I’m not big on alphabet soup. But, in valuing non-public companies and advising their owners, there are three designations that really matter: Certified Public Accountant (CPA), Chartered Financial Analyst (CFA), and Accredited Senior Appraiser (ASA) in business valuation. These are not designations for the sake of designations. Each covers a body of knowledge that differs in major ways from the bodies of the other two designations; there is almost no overlap between any of them. At this writing, only 44 professionals have all three:

The CPA is all about accounting and, especially, what’s called ‘GAAP’ (Generally Accepted Accounting Principles). This is essential because the accounting in small-and-medium-sized enterprises (SMEs) can be quite shoddy. Anyone who values such ventures should know a lot about the nitty-gritty of accounting. The CPA credential is also one of the world’s great brands. So, the brand and the nitty-gritty accounting knowledge required to pass the four tests that becoming a CPA requires are why I became a CPA.

The CFA designation focuses primarily on the techniques and nuances involved in the financial analysis and valuation of public enterprises. These ‘buy-side’ analysts work for banks, pension funds, mutual funds, etc., that invest in public companies around the world. Most sell-side analysts work for private-equity funds and other institutions that own or have sizable stakes in non-public ventures. One can also encounter the CFA designation after the names of those who manage investment funds. Although the CFA is not nearly as well-known as the CPA designation, it is a demanding regimen. I know many CPAs who tried to obtain the CFA credential, but couldn’t get through the three all-day tests the latter requires.

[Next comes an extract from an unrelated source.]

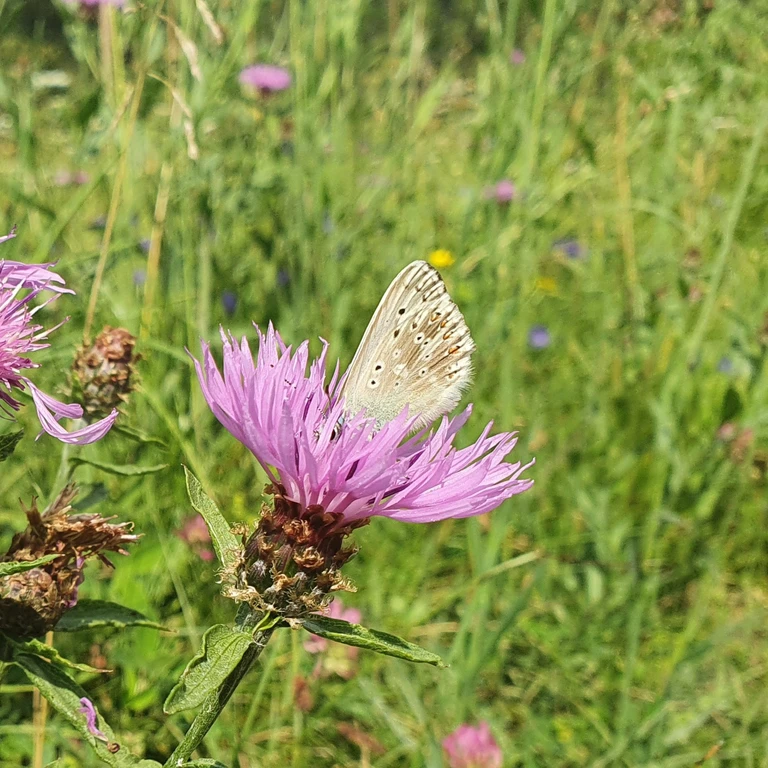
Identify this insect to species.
Lysandra coridon
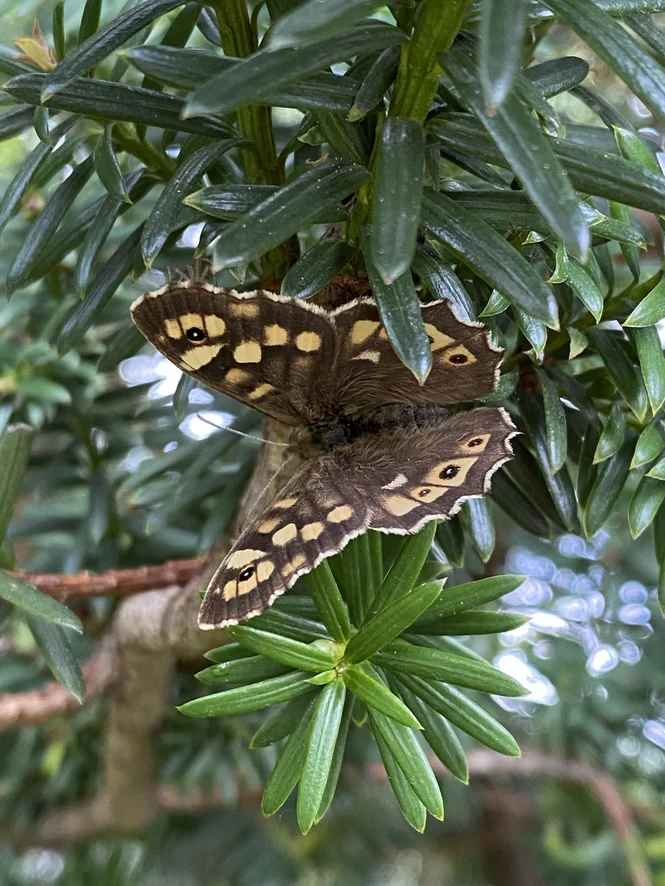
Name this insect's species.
Pararge aegeria

Finally, there is the Accredited Senior Appraiser (in business valuation) designation. The ASA focuses on the valuation of non-public companies. These valuations require the analyst to consider public-companies that might be good ‘proxies’ for the non-public company the analyst is valuing. These valuations also require the analyst to define what constitutes ‘sufficient similarity’ in the context of a public-company being a proxy for a private one. In addition, because the overwhelming majority of public companies are far larger than the typical private, the analyst must be able to create ‘size-adjusted valuation multiples’ that, in essence, transform the valuation multiples for a $5 billion public company into one that looks like a $5 million private one. This is difficult, demanding work. Anyone who thinks otherwise is either far smarter than the typical private-equity analyst or has never valued a non-public company using public-company comparables or doesn’t know what s/he is talking about.